In bed with Sartre’s review: naive and surreal, Samuel Benchetrit’s comedy juggles as best it can between philosophy, petty crime and human fallibility. Great cast, starting with François Damiens.

In bed with Sartrewith the original title far more effective than This music plays for no one (literally This music plays for no one, and the reason for this phrase you will discover by seeing it), is a film that is constantly looking for a place to stay. And not a random place, but a precise place: a stage, a beach, a supermarket, a party. It moves, sometimes frantic, sometimes subdued, darts between the small subplots and among the numerous extras (there is no real protagonist, and all are essential for the chorus), it stops and then starts again, mixing artistic inclinations with certainty of love, plays like plasticine with gangster stereotypes and gender stereotypes. A top that rotates, leaving behind a trail of poetry, humor (black, sometimes very black), painful revelations and undeniable failures.
A naive and deliberately carefree conception set up by the director and screenwriter Samuel Benchetrit, demonstrating how the surreal is one of the main paths followed by the best French cinema. Presented at Cannes 2021, and linked to existentialist currents, the film is filled with the common traits of philosophical thought: it reflects on loneliness, failure, individuality and the human condition, in relation to an elusive, nihilistic and materialistic reality. The challenge, for Benchetrit, was to insert the existential legacies within a complex but uncomplicated work, free but not liberating, which played with the ideals of Jean paul Sartre and, consequently, with the artificiality of art as the fruit of human arrogance.
Boss, love and theater
A constant crossing of situations (and situationism) alter the universe of In bed with Sartre, which opens with a fixed shot on a livid blue sea. A little further on, here is Jeff (Francois Damiens), married for many years with Katia (Valeria Bruni Tedeschi), and local petty criminal who is secretly in love with a cashier. He tries to win her over by writing her weirdos how much he hears about her love poems, supported by her adopted brother, Neptune.
In his pay, in this extended family, the crumpled henchmen Jésus (JoeyStarr) and Poussin (Bouli Lanners) who, between one philosophical reflection and another, try to help Jessica (Raphaelle Doyle), the teenage daughter of the boss to conquer the boy of his dreams. And then there’s Jacky (Gustave Kervern), another of Jeff’s two-bit henchmen who, doing his “job”, falls in love with Suzanne (Vanessa Paradis), an aspiring theater actress grappling with the staging of a show drama about the sex life of Sartre and Simone de Beauvoir.

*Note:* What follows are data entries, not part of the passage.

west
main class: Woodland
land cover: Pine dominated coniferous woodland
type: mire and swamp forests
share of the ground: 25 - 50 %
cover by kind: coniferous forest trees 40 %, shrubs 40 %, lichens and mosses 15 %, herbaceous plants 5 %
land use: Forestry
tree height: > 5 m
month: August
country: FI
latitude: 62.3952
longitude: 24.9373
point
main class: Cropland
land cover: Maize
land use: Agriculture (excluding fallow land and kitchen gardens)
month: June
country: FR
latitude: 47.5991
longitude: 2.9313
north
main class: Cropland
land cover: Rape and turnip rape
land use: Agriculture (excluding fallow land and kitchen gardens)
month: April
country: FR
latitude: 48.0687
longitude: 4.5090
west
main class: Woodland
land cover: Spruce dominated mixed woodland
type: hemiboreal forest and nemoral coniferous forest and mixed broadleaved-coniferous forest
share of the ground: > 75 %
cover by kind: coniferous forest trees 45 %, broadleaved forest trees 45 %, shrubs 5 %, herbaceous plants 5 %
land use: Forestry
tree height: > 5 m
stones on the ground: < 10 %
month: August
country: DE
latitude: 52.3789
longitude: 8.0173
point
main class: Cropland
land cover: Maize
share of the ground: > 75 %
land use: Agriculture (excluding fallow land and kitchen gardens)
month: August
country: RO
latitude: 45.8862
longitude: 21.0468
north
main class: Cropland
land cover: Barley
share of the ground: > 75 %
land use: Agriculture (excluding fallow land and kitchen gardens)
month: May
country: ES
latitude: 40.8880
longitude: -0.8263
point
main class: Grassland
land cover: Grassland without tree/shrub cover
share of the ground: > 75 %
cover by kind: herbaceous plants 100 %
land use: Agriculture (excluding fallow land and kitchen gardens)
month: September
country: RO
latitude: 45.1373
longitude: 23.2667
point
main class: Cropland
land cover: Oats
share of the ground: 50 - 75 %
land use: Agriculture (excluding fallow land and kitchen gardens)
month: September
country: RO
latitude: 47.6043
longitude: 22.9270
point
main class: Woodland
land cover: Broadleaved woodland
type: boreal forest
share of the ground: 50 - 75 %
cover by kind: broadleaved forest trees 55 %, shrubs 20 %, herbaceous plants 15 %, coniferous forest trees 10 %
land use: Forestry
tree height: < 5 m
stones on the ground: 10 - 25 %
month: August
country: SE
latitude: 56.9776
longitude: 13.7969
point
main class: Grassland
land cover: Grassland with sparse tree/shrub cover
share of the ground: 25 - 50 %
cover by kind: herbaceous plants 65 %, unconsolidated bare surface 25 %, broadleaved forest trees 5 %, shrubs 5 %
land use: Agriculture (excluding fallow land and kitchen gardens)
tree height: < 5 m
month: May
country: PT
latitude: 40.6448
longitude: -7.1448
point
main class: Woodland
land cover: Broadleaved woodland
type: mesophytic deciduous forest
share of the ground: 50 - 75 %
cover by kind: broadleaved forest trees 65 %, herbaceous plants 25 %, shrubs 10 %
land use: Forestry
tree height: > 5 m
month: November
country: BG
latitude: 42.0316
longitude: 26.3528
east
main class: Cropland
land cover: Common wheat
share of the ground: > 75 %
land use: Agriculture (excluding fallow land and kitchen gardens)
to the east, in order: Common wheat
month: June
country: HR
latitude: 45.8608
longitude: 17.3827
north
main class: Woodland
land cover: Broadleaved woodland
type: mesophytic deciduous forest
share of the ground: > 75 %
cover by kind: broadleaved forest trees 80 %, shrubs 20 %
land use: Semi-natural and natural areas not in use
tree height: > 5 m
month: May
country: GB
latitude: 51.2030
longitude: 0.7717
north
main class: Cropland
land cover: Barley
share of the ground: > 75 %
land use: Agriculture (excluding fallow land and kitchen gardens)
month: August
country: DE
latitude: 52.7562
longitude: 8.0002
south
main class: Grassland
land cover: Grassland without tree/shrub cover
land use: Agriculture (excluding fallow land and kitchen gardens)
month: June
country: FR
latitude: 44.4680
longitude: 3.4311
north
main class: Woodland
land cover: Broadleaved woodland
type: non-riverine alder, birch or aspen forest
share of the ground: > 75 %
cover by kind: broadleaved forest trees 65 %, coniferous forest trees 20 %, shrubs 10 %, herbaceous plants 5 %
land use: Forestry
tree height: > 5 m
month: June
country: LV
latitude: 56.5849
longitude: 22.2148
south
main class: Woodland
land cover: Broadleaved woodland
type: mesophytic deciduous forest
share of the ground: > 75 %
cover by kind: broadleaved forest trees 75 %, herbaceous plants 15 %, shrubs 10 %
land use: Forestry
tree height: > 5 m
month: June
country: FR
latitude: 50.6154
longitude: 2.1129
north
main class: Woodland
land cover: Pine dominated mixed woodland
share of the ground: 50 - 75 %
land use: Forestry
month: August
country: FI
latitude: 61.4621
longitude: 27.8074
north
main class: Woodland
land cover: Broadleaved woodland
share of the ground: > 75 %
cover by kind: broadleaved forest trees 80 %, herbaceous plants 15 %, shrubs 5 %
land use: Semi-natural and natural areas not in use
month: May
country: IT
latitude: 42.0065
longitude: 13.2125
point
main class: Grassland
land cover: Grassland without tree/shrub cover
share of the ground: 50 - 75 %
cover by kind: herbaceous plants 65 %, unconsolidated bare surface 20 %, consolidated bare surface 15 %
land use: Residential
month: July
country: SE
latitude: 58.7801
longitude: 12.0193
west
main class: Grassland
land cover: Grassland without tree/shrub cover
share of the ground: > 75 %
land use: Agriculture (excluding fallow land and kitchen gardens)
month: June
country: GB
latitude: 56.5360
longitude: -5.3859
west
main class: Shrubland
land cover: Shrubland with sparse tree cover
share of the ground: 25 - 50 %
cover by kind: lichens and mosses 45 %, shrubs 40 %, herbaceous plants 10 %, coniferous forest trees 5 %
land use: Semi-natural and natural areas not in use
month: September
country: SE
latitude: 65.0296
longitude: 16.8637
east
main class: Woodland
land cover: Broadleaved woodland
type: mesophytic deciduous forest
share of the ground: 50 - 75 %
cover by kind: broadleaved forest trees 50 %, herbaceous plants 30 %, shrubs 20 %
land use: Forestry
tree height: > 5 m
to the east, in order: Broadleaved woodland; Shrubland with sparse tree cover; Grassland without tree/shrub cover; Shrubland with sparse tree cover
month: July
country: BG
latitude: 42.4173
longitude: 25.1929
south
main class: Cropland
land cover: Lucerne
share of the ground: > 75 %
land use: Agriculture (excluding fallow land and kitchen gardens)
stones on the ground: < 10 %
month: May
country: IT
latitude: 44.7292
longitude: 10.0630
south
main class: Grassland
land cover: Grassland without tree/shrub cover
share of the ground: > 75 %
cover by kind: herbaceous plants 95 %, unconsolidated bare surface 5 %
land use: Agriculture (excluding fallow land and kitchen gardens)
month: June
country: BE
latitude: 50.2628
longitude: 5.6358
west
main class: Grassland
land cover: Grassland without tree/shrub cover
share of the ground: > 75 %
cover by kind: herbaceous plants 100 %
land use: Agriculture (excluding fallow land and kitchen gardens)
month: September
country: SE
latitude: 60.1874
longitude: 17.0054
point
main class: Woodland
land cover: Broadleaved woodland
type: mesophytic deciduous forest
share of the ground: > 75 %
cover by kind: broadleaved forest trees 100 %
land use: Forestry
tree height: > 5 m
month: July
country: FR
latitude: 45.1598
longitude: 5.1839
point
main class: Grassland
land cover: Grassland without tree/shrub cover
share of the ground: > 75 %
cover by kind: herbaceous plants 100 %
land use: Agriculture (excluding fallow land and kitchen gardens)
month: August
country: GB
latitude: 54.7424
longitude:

Grace notes and a great cast
As written at the beginning of our review, In bed with Sartre (we repeat, the Italian title is questionable) wonderfully revolves around philosophical concepts made human, dirty and warm by the distortions of a band of improbable thinkers, illuminating how man essentially is free from all goodness or badness. What does it mean? That one is who one is, and that labels can be torn away, both gently and violently. In its suspended and amusing way, the story simply lets its characters be what they are, like Jeff who, in the end, sums up existence itself in relation to the love that moves the emotions. This is not the only note of grace of the film, but it is the most effective, also in function of a beginning and a development influenced by petty organized crime, reviewed in a cross-section of affectionate characters who bond with unexpected people in equally unexpected ways.
In doing so, traversing the paths of a sad and dull panorama, underlined by a faded photograph that reflects the colors of the northern coast of France, In bed with Sartre it is a question mark which, slowly, becomes an exclamation: emancipation (also artistic), happiness, poetry, the characters who make fun of themselves, valuing themselves from a human as well as a professional point of view. In between, as often happens beyond the Alps, there is the actor’s quality that allows Samuel Benchetrit’s film to also be a film of valuable performances: François Damiens, Bouli Lanners, Ramzy Bedia, Joey Starr, Gustave Kervern, the splendid Vanessa Paradis and Valeria Bruni Tedeschi, and the fleeting but effective appearance of Vincent Macaigne, protagonist of an interlude that could contain the most absurd sense of happiness, hidden in randomness and despair.
Conclusions
We conclude the review of In bed with Sartre by reflecting again on its most naive and most surreal aspects. The French comedy directed by Samuel Benchetrit, in fact, stands in a carefree and light balance, juggling as best it can between philosophy, petty crime and human fallibility. Among the protagonists, a great François Damiens.
Because we like it
- The cast, starting with François Damiens.
- Some situations, dispassionately comical.
- Treating existentialism in a light and surreal way…
What’s wrong
- … so surreal that the film could be unnerving for a certain audience.